━━━━━ Given information
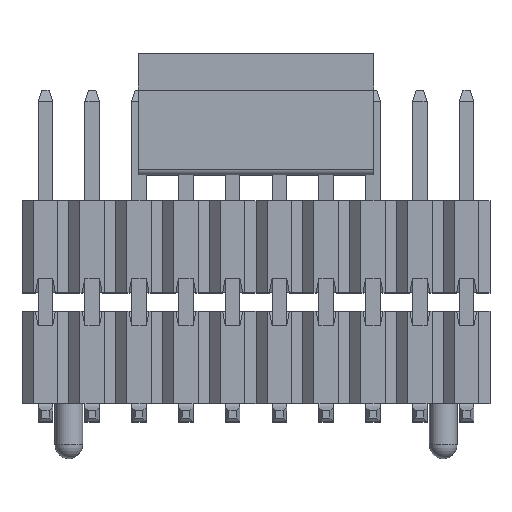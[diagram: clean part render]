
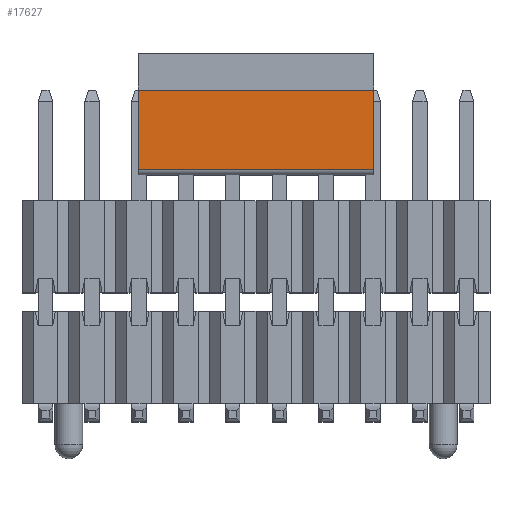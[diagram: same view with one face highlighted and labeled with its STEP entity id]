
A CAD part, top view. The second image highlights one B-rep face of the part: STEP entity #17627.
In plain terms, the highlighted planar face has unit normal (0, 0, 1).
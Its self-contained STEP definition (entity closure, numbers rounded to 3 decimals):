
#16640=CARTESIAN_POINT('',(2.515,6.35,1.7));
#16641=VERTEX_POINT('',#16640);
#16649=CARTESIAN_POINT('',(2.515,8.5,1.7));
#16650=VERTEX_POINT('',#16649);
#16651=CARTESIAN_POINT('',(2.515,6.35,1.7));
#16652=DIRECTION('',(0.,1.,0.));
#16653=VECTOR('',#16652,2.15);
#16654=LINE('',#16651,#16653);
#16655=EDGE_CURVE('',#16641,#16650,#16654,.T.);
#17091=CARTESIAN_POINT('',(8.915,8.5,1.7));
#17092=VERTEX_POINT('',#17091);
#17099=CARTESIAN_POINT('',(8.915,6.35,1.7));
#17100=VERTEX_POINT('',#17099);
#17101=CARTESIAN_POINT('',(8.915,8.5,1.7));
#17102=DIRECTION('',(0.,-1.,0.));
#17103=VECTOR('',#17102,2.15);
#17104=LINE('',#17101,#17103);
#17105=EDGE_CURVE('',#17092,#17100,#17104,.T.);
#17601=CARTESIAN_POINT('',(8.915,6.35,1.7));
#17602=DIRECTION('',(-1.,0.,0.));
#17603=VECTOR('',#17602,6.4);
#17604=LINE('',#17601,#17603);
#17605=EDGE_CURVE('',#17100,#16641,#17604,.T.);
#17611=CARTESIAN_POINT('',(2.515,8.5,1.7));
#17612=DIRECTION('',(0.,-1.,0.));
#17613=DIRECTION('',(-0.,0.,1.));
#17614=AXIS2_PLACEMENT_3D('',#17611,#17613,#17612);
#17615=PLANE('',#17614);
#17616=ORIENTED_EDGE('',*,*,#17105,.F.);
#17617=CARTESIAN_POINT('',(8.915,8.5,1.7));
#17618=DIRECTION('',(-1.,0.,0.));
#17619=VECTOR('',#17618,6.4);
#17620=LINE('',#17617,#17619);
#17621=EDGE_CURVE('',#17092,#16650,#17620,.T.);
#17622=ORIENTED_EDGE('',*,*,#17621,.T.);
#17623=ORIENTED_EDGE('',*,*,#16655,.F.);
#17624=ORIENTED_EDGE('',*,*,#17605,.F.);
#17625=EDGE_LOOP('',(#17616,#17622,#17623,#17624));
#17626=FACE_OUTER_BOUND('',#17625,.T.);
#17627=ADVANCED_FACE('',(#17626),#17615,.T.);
━━━━━━━━━━
━━━━━ Given information
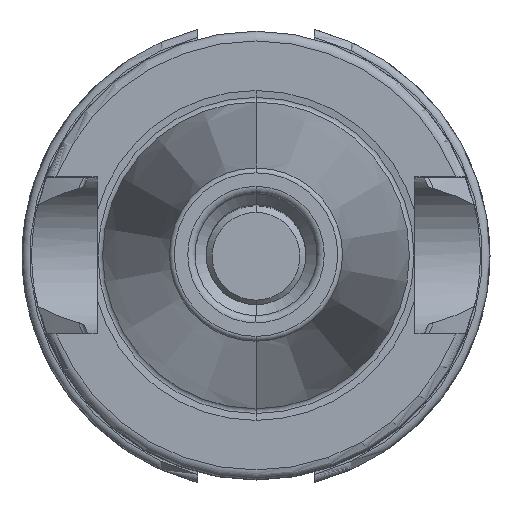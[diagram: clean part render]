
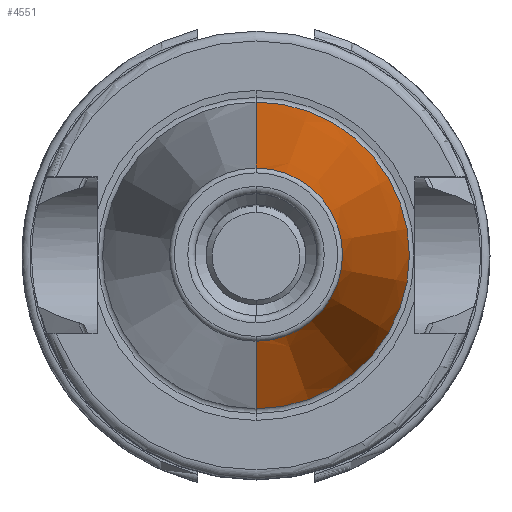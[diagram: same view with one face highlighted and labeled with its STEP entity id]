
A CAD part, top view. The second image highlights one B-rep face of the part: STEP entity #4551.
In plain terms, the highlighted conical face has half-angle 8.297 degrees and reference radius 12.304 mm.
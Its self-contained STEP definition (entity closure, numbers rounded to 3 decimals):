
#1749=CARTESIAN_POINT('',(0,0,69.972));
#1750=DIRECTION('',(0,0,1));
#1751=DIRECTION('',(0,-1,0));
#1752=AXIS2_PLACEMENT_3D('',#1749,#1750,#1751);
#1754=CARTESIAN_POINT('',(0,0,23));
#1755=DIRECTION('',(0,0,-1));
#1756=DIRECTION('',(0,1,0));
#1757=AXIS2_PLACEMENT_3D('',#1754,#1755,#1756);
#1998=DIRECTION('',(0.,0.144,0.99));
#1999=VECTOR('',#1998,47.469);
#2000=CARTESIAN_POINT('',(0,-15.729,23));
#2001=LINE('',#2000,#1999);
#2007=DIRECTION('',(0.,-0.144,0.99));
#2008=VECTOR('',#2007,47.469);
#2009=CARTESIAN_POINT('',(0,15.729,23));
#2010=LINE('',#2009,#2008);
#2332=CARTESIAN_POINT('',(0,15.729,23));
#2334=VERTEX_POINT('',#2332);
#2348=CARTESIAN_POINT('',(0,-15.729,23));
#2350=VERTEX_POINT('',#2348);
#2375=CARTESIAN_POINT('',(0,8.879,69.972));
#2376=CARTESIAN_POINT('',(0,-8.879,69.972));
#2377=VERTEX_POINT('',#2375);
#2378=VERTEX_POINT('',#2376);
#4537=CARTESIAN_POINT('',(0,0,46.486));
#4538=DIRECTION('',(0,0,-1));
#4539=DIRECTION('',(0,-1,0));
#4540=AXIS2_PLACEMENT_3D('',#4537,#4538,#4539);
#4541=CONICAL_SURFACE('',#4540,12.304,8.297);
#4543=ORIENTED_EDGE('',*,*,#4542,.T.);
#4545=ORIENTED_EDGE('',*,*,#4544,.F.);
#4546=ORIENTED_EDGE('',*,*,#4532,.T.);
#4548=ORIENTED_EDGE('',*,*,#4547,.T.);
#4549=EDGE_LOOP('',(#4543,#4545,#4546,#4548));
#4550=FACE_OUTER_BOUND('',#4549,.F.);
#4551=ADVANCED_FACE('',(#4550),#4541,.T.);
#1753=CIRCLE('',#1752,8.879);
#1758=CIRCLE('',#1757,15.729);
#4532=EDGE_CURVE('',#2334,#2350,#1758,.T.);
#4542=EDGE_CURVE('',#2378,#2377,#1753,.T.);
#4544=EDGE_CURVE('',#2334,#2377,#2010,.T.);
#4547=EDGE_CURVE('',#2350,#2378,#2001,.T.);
━━━━━━━━━━
[Task item] Give an exact copy of the lines above from the line with "#17611=CARTESIAN_POINT('',(2.515,8.5,1.7));" up to and including the line with "#17627=ADVANCED_FACE('',(#17626),#17615,.T.);", and leave everything else out.

[The answer]
#17611=CARTESIAN_POINT('',(2.515,8.5,1.7));
#17612=DIRECTION('',(0.,-1.,0.));
#17613=DIRECTION('',(-0.,0.,1.));
#17614=AXIS2_PLACEMENT_3D('',#17611,#17613,#17612);
#17615=PLANE('',#17614);
#17616=ORIENTED_EDGE('',*,*,#17105,.F.);
#17617=CARTESIAN_POINT('',(8.915,8.5,1.7));
#17618=DIRECTION('',(-1.,0.,0.));
#17619=VECTOR('',#17618,6.4);
#17620=LINE('',#17617,#17619);
#17621=EDGE_CURVE('',#17092,#16650,#17620,.T.);
#17622=ORIENTED_EDGE('',*,*,#17621,.T.);
#17623=ORIENTED_EDGE('',*,*,#16655,.F.);
#17624=ORIENTED_EDGE('',*,*,#17605,.F.);
#17625=EDGE_LOOP('',(#17616,#17622,#17623,#17624));
#17626=FACE_OUTER_BOUND('',#17625,.T.);
#17627=ADVANCED_FACE('',(#17626),#17615,.T.);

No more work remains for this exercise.